Global warming, deforestation, nature conservation. All major environmental challenges that call for major measures. To see what the effects of these measures are, observation data from the Earth is used. Researchers at LIACS receive €90,000 from the European Space Agency (ESA). With this they are investigating how they can use automated machine learning to build better models with observation data from the earth.
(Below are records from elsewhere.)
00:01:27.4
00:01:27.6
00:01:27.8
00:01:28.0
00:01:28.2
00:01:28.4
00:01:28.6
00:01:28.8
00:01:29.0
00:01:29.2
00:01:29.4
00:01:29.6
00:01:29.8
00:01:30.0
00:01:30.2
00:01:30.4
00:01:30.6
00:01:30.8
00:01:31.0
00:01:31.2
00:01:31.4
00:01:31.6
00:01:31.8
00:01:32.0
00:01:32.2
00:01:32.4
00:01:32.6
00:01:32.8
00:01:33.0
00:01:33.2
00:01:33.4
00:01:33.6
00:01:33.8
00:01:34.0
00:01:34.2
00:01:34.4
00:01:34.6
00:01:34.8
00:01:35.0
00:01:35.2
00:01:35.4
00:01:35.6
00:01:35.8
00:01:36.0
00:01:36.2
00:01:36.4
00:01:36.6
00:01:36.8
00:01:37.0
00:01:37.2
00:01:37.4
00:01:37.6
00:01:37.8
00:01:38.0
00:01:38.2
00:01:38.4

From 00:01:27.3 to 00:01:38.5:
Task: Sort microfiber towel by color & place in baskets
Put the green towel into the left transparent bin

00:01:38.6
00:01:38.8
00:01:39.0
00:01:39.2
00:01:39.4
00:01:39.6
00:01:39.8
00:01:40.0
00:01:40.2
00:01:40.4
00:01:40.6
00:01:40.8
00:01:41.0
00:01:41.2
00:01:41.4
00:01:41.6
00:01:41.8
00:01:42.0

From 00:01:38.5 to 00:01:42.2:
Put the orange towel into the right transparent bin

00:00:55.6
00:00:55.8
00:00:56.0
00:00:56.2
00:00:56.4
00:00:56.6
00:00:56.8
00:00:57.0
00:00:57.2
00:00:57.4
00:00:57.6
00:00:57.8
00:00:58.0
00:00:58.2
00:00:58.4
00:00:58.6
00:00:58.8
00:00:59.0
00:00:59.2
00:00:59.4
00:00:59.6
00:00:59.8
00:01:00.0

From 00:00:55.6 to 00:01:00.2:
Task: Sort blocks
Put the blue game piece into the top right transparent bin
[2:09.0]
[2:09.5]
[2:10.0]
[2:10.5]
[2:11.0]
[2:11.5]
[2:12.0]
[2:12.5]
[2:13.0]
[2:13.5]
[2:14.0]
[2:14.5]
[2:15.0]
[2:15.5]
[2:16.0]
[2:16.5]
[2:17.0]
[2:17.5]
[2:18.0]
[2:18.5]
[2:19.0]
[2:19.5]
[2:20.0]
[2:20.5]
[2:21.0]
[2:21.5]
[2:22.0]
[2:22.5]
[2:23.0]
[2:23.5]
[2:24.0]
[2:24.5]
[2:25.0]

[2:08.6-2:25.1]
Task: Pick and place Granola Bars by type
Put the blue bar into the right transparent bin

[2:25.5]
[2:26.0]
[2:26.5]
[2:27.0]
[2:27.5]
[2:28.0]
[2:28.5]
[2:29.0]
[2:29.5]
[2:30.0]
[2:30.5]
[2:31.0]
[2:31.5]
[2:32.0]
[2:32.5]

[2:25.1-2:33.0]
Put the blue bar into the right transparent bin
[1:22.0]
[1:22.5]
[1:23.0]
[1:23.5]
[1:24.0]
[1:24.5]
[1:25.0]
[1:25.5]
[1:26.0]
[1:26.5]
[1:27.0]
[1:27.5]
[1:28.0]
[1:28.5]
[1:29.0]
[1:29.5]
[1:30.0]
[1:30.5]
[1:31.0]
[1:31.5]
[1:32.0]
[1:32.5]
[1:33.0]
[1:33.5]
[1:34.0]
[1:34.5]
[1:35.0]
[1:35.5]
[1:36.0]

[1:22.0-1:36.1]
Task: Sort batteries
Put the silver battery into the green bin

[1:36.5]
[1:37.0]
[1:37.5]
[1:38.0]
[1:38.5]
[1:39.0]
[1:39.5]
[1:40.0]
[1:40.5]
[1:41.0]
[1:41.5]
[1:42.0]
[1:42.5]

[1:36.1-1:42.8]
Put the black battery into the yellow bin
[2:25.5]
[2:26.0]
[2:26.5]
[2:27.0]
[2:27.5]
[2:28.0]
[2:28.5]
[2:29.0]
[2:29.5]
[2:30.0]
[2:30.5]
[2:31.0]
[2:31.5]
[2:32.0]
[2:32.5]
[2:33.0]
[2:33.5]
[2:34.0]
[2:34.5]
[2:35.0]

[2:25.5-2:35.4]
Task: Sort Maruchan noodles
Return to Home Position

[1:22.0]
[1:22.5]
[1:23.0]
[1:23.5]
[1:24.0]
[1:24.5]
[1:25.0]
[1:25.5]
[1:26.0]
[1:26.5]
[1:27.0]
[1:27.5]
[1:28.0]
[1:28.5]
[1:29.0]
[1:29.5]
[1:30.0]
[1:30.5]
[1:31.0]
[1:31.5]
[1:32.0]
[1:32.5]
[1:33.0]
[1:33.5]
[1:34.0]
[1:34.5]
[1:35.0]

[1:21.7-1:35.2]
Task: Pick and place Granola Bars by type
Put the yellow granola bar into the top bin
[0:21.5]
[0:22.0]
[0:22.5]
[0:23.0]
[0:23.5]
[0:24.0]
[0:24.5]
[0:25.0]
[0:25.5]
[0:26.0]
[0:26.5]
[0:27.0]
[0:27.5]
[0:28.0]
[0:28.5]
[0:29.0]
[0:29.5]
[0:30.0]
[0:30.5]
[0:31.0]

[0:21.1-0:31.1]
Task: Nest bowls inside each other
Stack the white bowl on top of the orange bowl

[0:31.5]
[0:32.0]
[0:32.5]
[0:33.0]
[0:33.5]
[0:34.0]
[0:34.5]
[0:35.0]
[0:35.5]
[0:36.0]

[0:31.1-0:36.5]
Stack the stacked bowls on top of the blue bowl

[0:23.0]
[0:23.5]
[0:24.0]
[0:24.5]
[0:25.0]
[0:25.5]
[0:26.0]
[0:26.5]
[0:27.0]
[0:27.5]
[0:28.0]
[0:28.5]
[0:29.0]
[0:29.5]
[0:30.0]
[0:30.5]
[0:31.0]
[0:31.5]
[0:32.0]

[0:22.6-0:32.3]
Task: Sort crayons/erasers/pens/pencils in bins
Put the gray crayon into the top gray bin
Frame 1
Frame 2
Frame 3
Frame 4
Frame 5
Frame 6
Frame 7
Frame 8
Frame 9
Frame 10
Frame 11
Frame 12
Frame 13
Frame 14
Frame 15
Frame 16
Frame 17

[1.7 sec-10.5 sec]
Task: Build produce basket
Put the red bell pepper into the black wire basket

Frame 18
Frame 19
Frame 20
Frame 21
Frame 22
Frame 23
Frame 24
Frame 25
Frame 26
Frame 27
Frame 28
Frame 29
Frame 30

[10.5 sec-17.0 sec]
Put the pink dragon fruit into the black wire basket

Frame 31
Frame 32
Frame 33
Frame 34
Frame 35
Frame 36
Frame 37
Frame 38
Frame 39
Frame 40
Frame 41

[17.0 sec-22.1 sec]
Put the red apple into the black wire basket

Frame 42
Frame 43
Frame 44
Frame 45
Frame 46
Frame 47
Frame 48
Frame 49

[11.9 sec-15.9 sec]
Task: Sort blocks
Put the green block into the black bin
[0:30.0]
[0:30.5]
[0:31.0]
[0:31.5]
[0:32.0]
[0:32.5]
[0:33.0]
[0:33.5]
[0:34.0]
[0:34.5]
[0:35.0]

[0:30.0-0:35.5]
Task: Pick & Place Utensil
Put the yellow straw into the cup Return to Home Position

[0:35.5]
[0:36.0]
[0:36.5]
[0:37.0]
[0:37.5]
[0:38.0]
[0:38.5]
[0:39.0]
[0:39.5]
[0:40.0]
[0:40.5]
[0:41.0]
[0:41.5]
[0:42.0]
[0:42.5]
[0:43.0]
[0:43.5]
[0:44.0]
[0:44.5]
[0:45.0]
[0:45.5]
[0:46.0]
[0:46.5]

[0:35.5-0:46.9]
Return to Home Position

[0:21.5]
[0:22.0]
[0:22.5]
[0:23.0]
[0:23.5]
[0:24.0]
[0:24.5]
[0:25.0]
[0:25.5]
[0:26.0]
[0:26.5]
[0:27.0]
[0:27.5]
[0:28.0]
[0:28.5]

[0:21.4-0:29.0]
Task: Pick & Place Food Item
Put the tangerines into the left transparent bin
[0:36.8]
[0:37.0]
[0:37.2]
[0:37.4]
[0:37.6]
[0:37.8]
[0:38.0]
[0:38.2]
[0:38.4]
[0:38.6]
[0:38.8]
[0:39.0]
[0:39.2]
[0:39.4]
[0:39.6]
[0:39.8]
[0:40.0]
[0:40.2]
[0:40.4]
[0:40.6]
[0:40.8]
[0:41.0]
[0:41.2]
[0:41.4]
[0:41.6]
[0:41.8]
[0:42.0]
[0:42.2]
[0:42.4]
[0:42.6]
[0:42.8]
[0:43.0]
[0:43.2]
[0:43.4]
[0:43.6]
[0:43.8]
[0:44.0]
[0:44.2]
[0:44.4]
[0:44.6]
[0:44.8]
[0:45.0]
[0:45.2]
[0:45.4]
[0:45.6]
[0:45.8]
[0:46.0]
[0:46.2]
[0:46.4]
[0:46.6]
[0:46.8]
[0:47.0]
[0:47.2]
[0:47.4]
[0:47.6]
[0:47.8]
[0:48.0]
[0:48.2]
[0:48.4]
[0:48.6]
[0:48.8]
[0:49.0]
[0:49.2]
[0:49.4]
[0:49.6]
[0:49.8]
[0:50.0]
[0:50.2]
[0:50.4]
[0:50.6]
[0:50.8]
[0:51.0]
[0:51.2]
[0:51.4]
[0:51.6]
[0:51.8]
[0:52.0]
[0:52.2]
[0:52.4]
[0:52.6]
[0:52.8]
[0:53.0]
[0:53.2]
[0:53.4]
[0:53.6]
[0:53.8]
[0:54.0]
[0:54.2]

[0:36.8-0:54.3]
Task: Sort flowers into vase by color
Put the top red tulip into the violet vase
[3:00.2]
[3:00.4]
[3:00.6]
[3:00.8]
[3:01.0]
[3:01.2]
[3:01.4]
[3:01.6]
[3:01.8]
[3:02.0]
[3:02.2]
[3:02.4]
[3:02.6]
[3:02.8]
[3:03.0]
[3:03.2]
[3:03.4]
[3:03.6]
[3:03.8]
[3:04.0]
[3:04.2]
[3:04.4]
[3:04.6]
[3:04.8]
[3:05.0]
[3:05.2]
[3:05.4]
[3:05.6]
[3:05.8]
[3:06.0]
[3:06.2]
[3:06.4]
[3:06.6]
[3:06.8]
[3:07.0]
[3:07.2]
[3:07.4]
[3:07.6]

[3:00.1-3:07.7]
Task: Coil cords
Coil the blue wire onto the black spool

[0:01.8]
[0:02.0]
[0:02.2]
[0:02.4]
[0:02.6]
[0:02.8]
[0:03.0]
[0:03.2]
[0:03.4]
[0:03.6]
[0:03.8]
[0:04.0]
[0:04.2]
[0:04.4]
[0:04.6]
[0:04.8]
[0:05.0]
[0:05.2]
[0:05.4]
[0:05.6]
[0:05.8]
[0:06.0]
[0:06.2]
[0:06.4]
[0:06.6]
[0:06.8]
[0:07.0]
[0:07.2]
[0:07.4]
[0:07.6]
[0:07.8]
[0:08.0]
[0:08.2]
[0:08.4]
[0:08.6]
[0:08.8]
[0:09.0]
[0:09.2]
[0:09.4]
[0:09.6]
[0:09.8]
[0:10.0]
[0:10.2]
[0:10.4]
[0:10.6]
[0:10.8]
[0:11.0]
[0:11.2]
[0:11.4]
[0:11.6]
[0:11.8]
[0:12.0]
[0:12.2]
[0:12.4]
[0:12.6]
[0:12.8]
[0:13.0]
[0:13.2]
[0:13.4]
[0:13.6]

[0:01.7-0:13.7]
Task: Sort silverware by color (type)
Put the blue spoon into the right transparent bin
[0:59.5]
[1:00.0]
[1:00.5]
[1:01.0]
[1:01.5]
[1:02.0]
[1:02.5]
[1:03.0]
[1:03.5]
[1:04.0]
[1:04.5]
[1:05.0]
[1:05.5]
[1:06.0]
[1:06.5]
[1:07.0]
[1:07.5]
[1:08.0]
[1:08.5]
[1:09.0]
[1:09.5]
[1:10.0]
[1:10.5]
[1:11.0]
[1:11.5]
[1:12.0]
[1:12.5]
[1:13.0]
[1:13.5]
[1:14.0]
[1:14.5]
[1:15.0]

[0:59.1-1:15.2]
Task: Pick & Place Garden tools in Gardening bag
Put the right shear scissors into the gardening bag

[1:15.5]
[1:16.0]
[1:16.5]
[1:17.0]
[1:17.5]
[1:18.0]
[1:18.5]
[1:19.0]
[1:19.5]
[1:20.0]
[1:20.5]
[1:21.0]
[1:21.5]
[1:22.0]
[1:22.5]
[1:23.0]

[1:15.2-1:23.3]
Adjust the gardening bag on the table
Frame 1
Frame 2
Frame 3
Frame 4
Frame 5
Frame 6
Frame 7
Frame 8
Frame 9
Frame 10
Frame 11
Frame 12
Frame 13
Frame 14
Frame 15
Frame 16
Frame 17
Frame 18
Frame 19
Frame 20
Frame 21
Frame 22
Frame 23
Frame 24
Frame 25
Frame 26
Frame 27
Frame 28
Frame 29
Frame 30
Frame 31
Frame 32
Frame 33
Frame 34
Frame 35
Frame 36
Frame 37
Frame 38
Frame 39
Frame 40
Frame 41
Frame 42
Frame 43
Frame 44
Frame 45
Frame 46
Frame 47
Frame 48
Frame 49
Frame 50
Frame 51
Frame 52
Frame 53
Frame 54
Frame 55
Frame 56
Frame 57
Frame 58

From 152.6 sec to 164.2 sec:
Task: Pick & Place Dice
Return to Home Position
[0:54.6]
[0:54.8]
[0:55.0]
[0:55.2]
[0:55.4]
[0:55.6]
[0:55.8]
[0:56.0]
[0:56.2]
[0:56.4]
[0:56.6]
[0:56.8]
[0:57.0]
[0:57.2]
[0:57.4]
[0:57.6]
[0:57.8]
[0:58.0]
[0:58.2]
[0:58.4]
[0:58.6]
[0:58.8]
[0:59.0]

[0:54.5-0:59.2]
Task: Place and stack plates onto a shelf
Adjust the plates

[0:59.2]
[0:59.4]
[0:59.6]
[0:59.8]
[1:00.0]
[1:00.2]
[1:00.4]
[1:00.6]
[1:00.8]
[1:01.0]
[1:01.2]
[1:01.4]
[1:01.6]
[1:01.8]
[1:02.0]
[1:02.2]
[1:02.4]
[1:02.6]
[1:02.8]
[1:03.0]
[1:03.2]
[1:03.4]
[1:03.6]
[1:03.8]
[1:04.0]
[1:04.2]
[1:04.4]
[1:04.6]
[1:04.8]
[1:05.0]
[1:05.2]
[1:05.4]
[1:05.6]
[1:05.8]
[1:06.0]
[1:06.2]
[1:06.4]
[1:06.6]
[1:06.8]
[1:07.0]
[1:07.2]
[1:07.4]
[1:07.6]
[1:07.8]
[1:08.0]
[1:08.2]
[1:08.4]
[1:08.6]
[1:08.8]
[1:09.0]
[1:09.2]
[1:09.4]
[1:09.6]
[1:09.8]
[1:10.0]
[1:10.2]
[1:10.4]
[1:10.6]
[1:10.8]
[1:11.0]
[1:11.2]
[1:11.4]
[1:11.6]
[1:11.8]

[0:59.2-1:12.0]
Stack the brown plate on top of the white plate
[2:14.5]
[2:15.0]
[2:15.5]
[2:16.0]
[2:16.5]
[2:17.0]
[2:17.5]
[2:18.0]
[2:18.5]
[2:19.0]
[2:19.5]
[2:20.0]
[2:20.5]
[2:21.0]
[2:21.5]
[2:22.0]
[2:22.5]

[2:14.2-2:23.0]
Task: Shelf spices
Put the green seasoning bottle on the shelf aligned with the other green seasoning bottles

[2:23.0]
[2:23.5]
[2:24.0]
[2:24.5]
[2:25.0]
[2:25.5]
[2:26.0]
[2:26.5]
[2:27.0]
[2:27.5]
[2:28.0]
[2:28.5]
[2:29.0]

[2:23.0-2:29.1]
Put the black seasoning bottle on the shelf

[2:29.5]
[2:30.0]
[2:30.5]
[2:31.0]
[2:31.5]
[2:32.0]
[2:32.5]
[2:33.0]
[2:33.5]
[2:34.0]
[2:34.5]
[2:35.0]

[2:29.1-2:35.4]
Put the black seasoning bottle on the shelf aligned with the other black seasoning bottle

A digital twin of the Earth
Laurens Arp, Mitra Baratchi and Holger Hoos are working with this grant on improving a digital twin of the earth. This is a collection of models that provide a complete picture of the complex environmental processes that interact on earth. These models can simulate the effects of measures against major problems, such as global warming. The models can also predict the future of the earth after these measures have been taken. In this way, the digital twins support decision-making to tackle major problems.
Creating hybrid models
There are two general ways of analysing observational data from the Earth.'There are theory-driven and data-driven models, which complement each other in their abilities and drawbacks. Therefore, we want to investigate how we can combine them into a hybrid model,' explains Mitra Baratchi. 'The aim is to automatically supplement the models created by machine learning with the knowledge we obtain from physical models. In this way, machine learning becomes available to non-machine learning experts and that can remove existing barriers.'
Collaboration
In this project, LIACS researchers are working closely with the European Space Agency (ESA-ESRIN, Phi-Lab) and environmental scientists from Leiden University's Institute of Environmental Sciences (CML), in particular Prof. Peter van Bodegom.